Thursday, May 16, 2013

Just 68 Days Until WYD!


But who’s counting?

The people over at xt3.com sure are. Check out their interactive countdown to World Youth Day Rio, 2013.

During his World Youth Day trip in 1989, Blessed John Paul II said:

It is more and more necessary that, even in the most remote parts of the world, there be witnesses, young witnesses of the Gospel, who without fear or dread of difficult situations or circumstances, are able to live out the demands of the faith…

World Youth Day responds to this necessity, nourishing young people, filling them with hope, and then sending them out into the world. Let us continue to pray for those planning the event in Rio and for all of those preparing to attend, including Pope Francis himself. 

Monday, May 13, 2013

Totus Tuus Ego Sum



Totus Tuus Ego Sum—I am totally yours.

Blessed John Paul II chose this as the motto for his pontificate, consecrating his years of service to the Virgin Mary, the Mother of Jesus and Mediatrix of Grace. Today these words hold special significance, because it was this complete devotion that protected our beloved Holy Father exactly 32 years ago, during an attempt on his life.

For more about the assassination attempt and its connection to today’s feast of Our Lady of Fatima, check out the Blessed John Paul II Shrine website

Jesus Is Not A Dry Cleaner



Last week, Pope Francis delivered an engagingly potent homily about the Sacrament of Reconciliation. He said:

Jesus in the confessional is not a dry cleaner, it is an encounter with Jesus but with this Jesus who waits for us just as we areMany times we think that going to confession is like going to the dry cleaner to clean the dirt from our clothes.

We are tempted to feel this way about reconciliation, but in actuality, Jesus gives us so much more. He “donates to us the peace that only he gives.”

For more of Pope Francis’ homily about the graced experience of Reconciliation, go here

Sunday, May 12, 2013

The Lifting Up




The "lifting up," that is, the ascension into heaven, signified the sharing of Christ as man in the power and authority of God himself. This sharing in the power and authority of the Triune God is manifested in the sending of the Counselor, the Spirit of truth who, "taking" (Jn 16:14) from the redemption affected by Christ, brings about the conversion of human hearts.

-Blessed John Paul II, General Audience on April 19, 1989

Friday, May 10, 2013

A Leper With The Lepers


Jozef De Veuster received the name of Damien in the Congregation of the Sacred Hearts of Jesus and Mary. When he was 23 years old, in 1863, he left Flanders, the land of his birth, to proclaim the Gospel on the other side of the world in the Hawaiian Islands. His missionary activity, which gave him such joy, reached its peak in charity. Not without fear and repugnance, he chose to go to the Island of Molokai to serve the lepers who lived there, abandoned by all. Thus he was exposed to the disease from which they suffered. He felt at home with them. The servant of the Word consequently became a suffering servant, a leper with the lepers, for the last four years of his life. In order to follow Christ, Fr. Damien not only left his homeland but also risked his health: therefore as the word of Jesus proclaimed to us in today's Gospel says he received eternal life…Let us remember before this noble figure that it is charity which makes unity, brings it forth and makes it desirable.
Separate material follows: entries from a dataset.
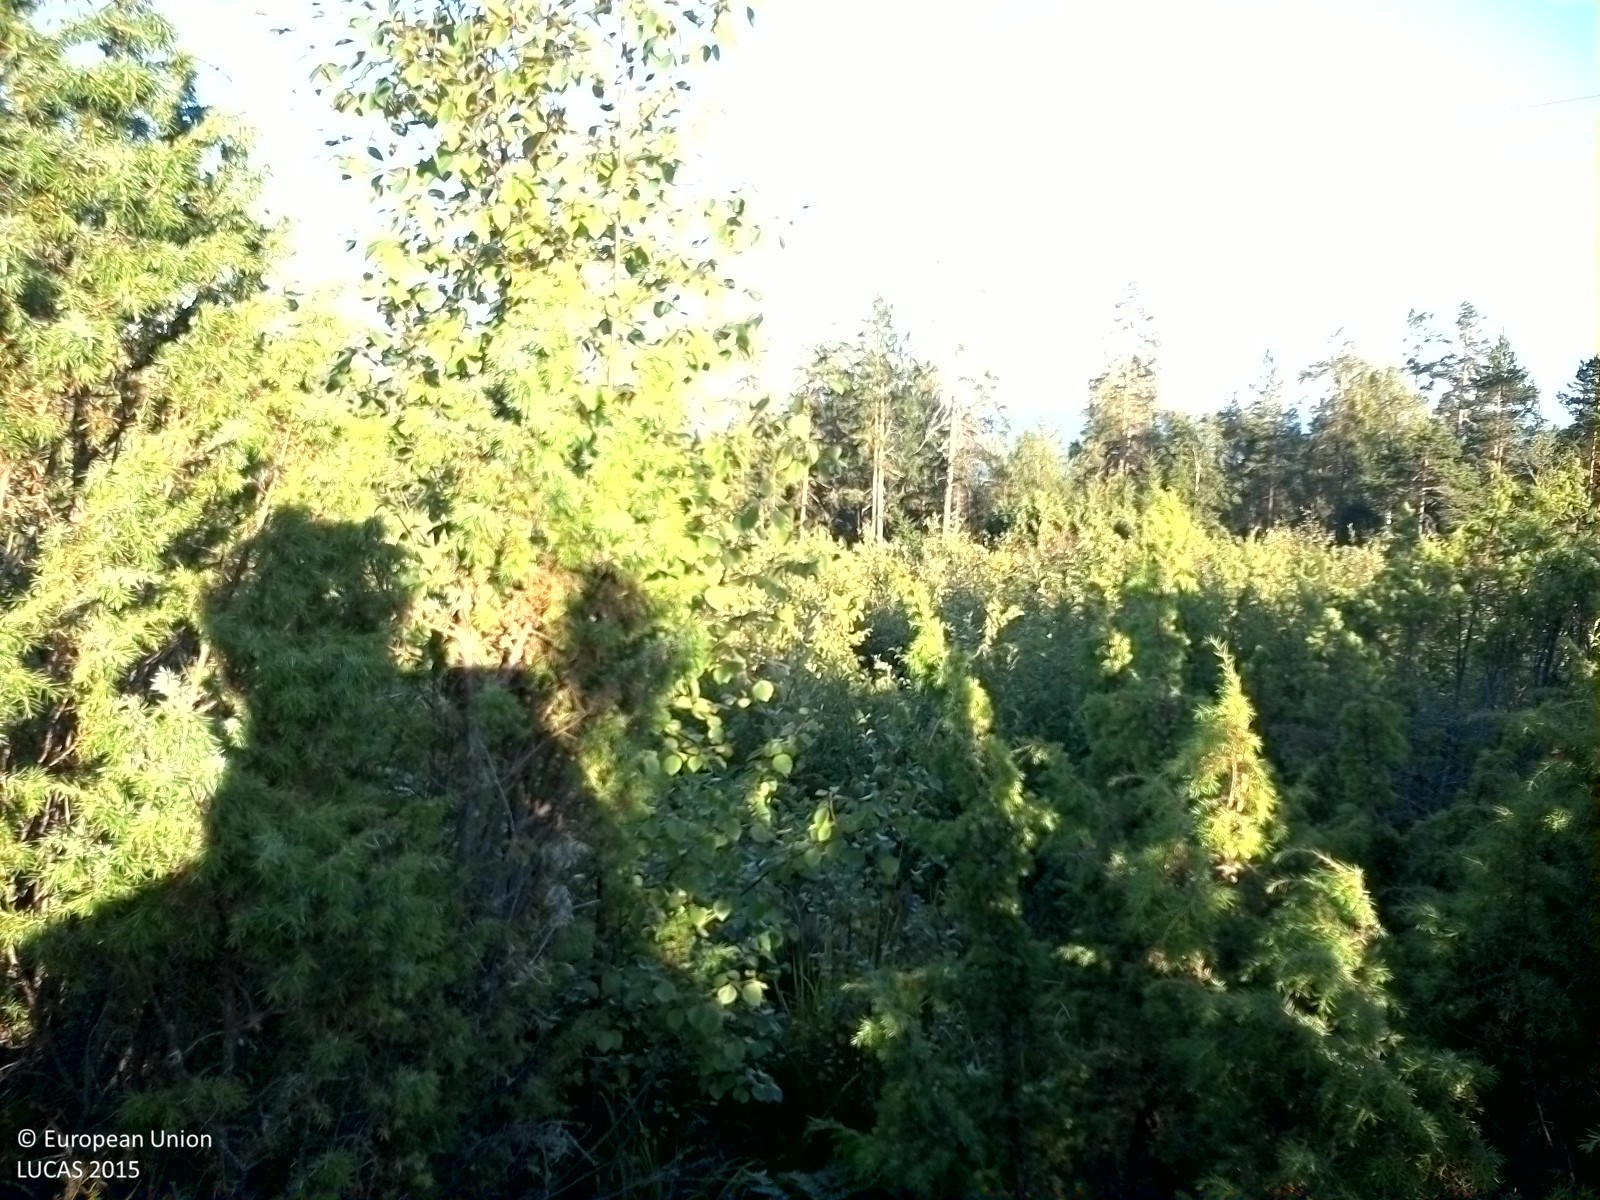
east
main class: Woodland
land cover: Pine dominated mixed woodland
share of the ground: 50 - 75 %
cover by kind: coniferous forest trees 35 %, shrubs 35 %, broadleaved forest trees 20 %, herbaceous plants 10 %
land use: Electricity, gas and thermal power distribution
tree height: < 5 m
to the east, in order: Pine dominated mixed woodland; Electric lines; Shrubland with sparse tree cover; Other coniferous woodland; Other mixed woodland; Pine dominated mixed woodland
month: August
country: SE
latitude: 62.3790
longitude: 16.9598

Following in St. Paul's footsteps, St. Damien prompts us to choose the good warfare, not the kind that brings division but the kind that gathers people together. He invites us to open our eyes to the forms of leprosy that disfigure the humanity of our brethren and still today call for the charity of our presence as servants, beyond that of our generosity.

-Pope Benedict XVI, October 11 2009

Oh St. Damien Molokai, beatified by our patron Blessed John Paul II, you built the Church above on the abandoned island of Molokai. From your place in heaven, please pray for us sinners on this day of your feast, that we may imitate your example in bringing the Church to those who are far away, especially the poor and the marginalized.